### What the task requires
The lines below must be transcribed exactly as given, with the images removed.

### Provided entries
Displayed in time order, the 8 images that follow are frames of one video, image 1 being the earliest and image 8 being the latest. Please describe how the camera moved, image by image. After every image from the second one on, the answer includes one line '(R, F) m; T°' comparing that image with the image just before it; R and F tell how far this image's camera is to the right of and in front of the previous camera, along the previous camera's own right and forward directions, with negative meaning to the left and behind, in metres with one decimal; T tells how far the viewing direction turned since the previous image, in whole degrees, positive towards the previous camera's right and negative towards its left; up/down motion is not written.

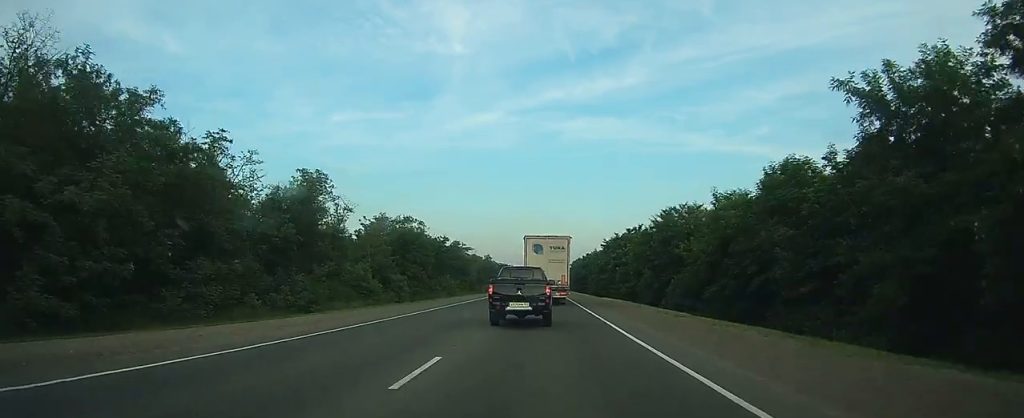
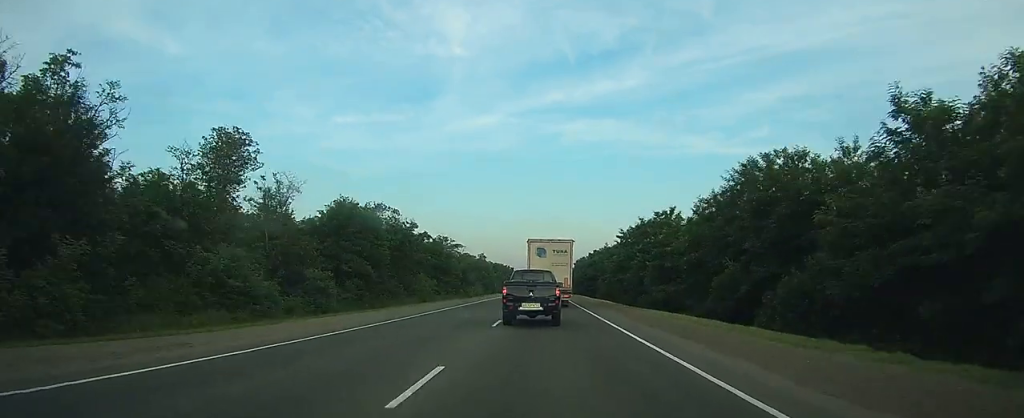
(0.0, +24.6) m; 0°
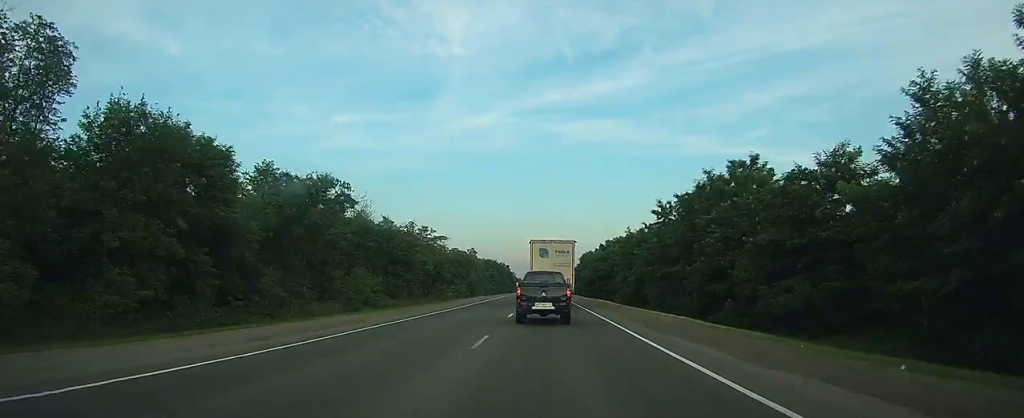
(+0.1, +29.9) m; 0°
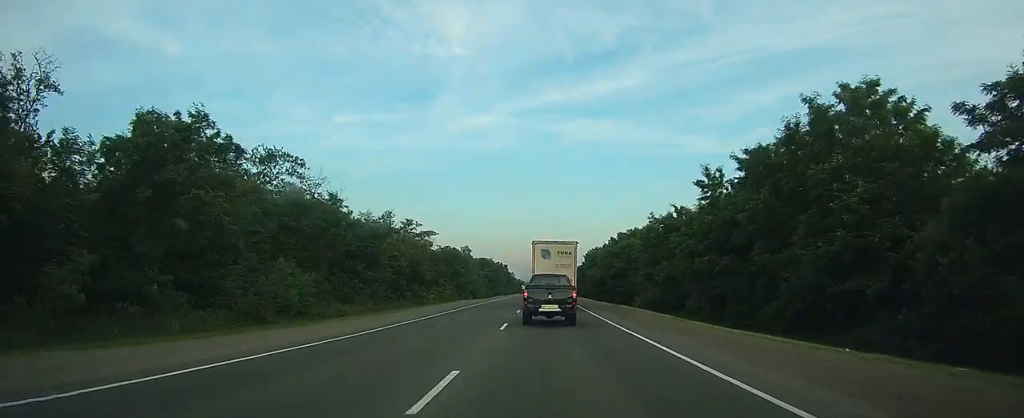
(0.0, +17.7) m; 0°
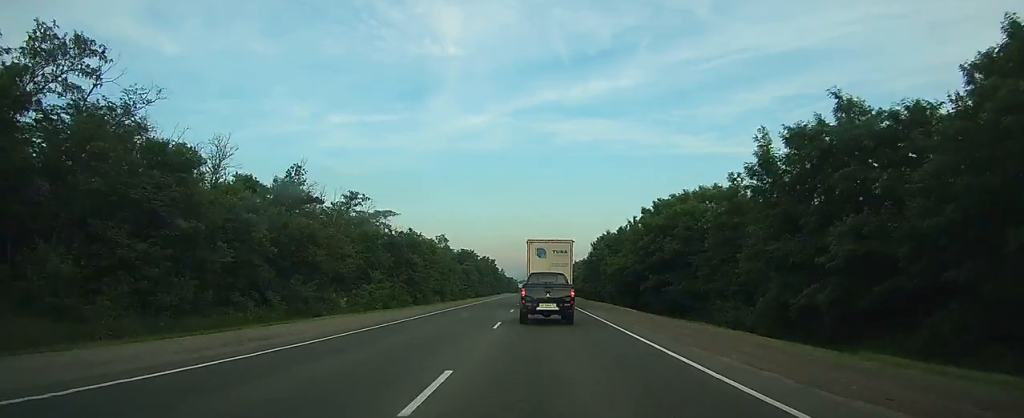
(0.0, +36.0) m; 0°
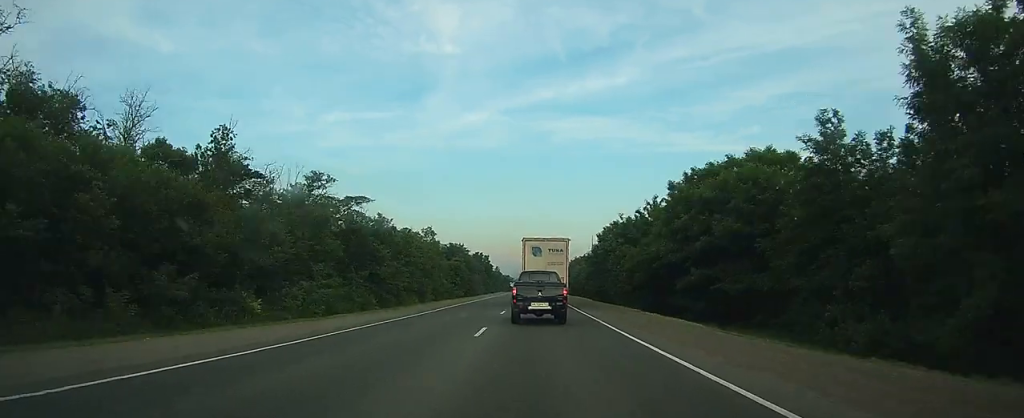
(0.0, +15.2) m; 0°
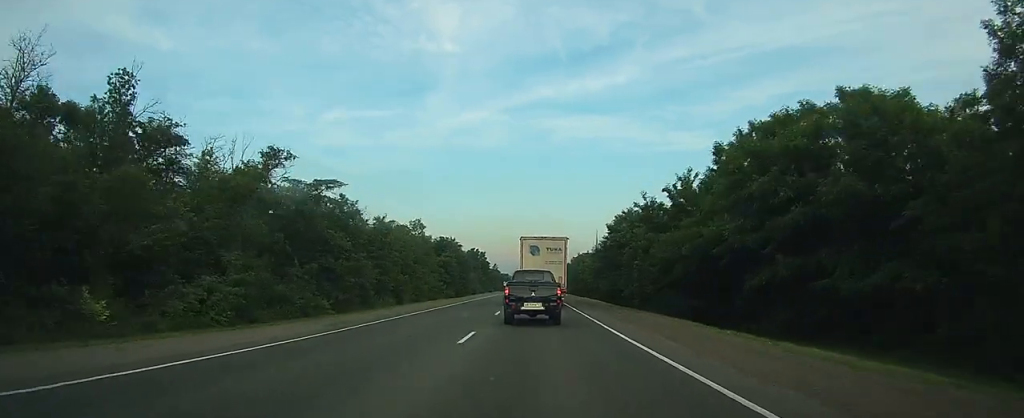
(0.0, +13.8) m; 0°
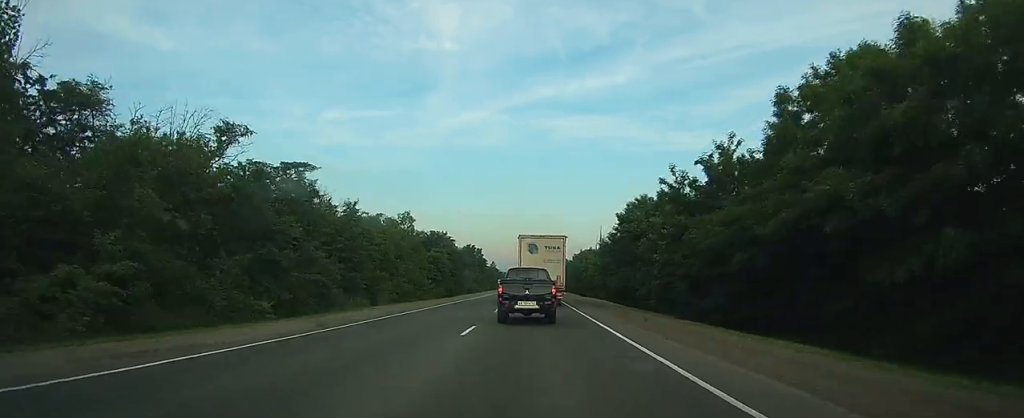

### Problem solution
Displayed in time order, the 8 images that follow are frames of one video, image 1 being the earliest and image 8 being the latest. Please describe how the camera moved, image by image. After every image from the second one on, the answer includes one line '(R, F) m; T°' comparing that image with the image just before it; R and F tell how far this image's camera is to the right of and in front of the previous camera, along the previous camera's own right and forward directions, with negative meaning to the left and behind, in metres with one decimal; T tells how far the viewing direction turned since the previous image, in whole degrees, positive towards the previous camera's right and negative towards its left; up/down motion is not written.

(0.0, +24.6) m; 0°
(+0.1, +29.9) m; 0°
(0.0, +17.7) m; 0°
(0.0, +36.0) m; 0°
(0.0, +15.2) m; 0°
(0.0, +13.8) m; 0°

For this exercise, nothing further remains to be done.